Nel frattempo rompete le uova in una ciotola.

Aggiungete i 120 grammi di zucchero e lavorate il composto fino a ottenere una miscela omogenea. Non è necessario montare le uova come per un pan di Spagna: l'obiettivo è amalgamare bene gli ingredienti senza incorporare una quantità eccessiva di aria.

Aggiungete quindi il caffè freddo poco alla volta.

Unite infine il rum e mescolate accuratamente.

A questo punto filtrate il composto attraverso un colino. È un piccolo passaggio che aiuta a ottenere una consistenza più liscia e uniforme, eliminando eventuali residui dell'uovo.

Versate il composto nello stampo contenente il caramello.

Preparate una teglia più grande e sistematevi lo stampo. Versate nella teglia acqua calda fino a raggiungere circa metà dell'altezza dello stampo.

Il dolce deve cuocere a bagnomaria, in forno preriscaldato a circa 160 °C, per indicativamente 45-60 minuti, a seconda delle dimensioni dello stampo e del forno.

Il Caffè in forchetta è pronto quando il centro appare rappreso ma conserva ancora una leggerissima elasticità.

Non bisogna avere fretta. Una temperatura troppo elevata potrebbe far cuocere eccessivamente le uova, producendo una consistenza granulosa anziché liscia e cremosa.

Una volta terminata la cottura, lasciate raffreddare il dolce.

Successivamente trasferitelo in frigorifero per diverse ore. Idealmente dovrebbe riposare tutta la notte.

Al momento di servirlo, passate delicatamente un coltello lungo il bordo dello stampo per staccare il budino. Appoggiate sopra il piatto da portata e capovolgete con un movimento deciso.

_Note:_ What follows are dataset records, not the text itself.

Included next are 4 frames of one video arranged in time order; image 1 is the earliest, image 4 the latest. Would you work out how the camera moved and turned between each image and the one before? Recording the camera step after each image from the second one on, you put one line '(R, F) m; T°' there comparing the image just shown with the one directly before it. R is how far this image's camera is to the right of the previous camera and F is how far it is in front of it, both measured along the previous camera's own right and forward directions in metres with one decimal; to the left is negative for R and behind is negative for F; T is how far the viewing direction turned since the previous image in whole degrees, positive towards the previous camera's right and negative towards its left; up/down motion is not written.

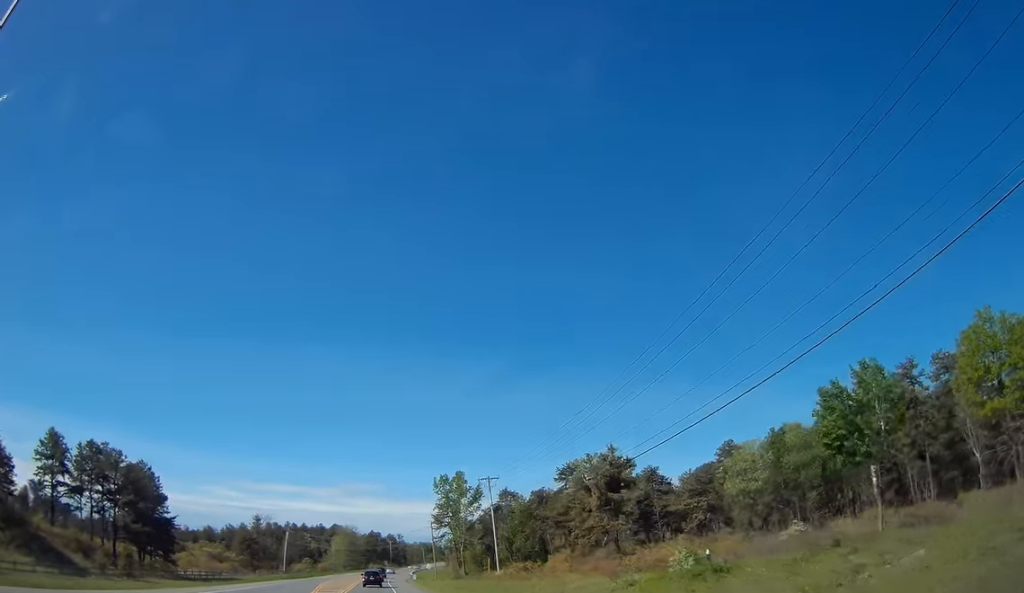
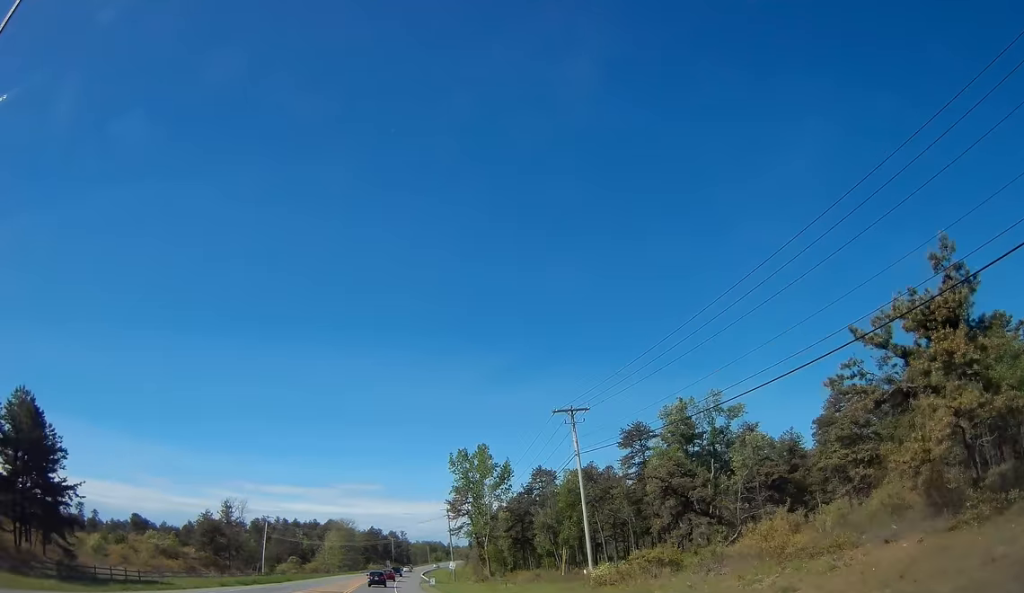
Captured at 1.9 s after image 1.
(0.0, +30.5) m; 0°
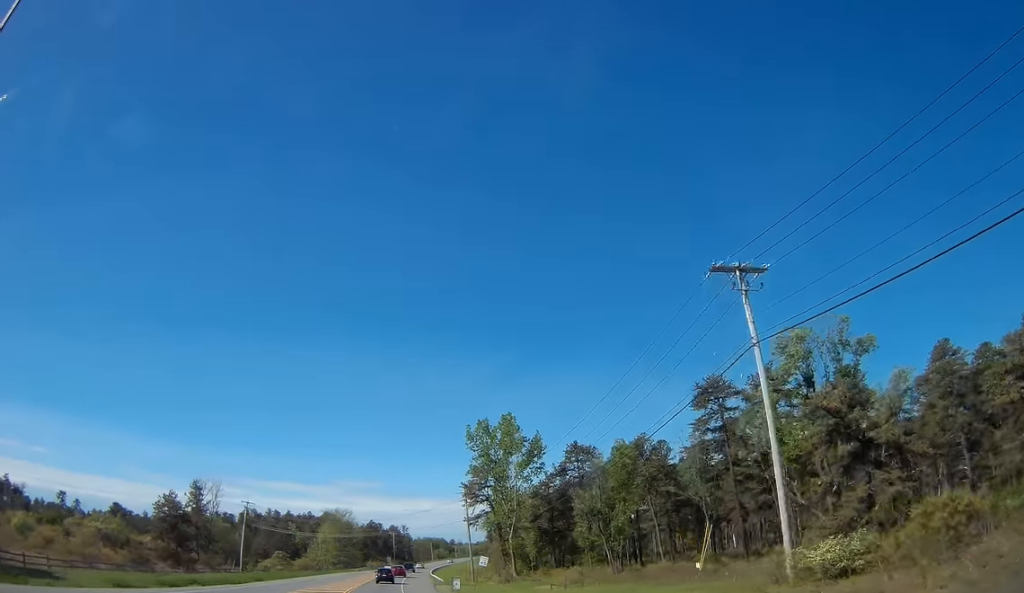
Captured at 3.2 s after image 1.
(0.0, +21.1) m; 0°
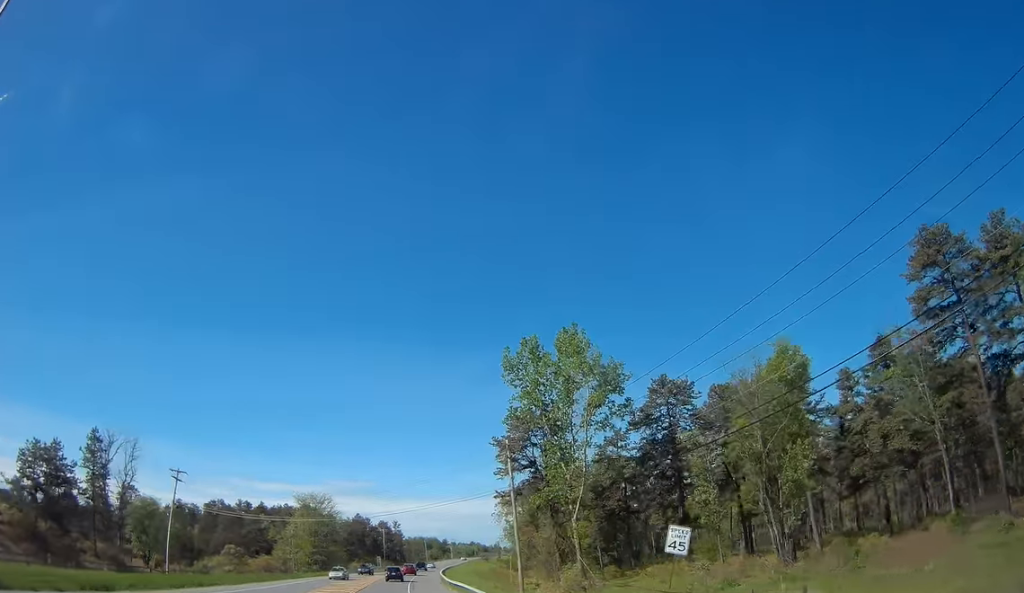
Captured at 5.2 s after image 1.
(+0.3, +34.5) m; +1°

Il Caffè in forchetta dovrebbe scivolare fuori lasciando colare sul piatto il suo caramello.

Ed è proprio questo il momento nel quale il dolce rivela completamente la propria natura: una superficie scura e lucida, il profumo del caffè, quello più caldo del rum e la dolcezza del caramello.

Il risultato

La consistenza ideale è compatta ma non dura.

Tagliandone una fetta, il budino dovrebbe mantenere la forma senza sfaldarsi. Al palato deve essere morbido, quasi cremoso, con una forte presenza del caffè bilanciata dalla dolcezza dello zucchero.

Il caramello introduce una nota leggermente amarognola, mentre il rum aggiunge profondità aromatica.

È importante che il caffè non venga nascosto dallo zucchero. Questo dolce nasce proprio dall'equilibrio tra amaro, dolce e aromatico.

Per questo motivo è preferibile utilizzare un caffè espresso o comunque una miscela dal gusto deciso.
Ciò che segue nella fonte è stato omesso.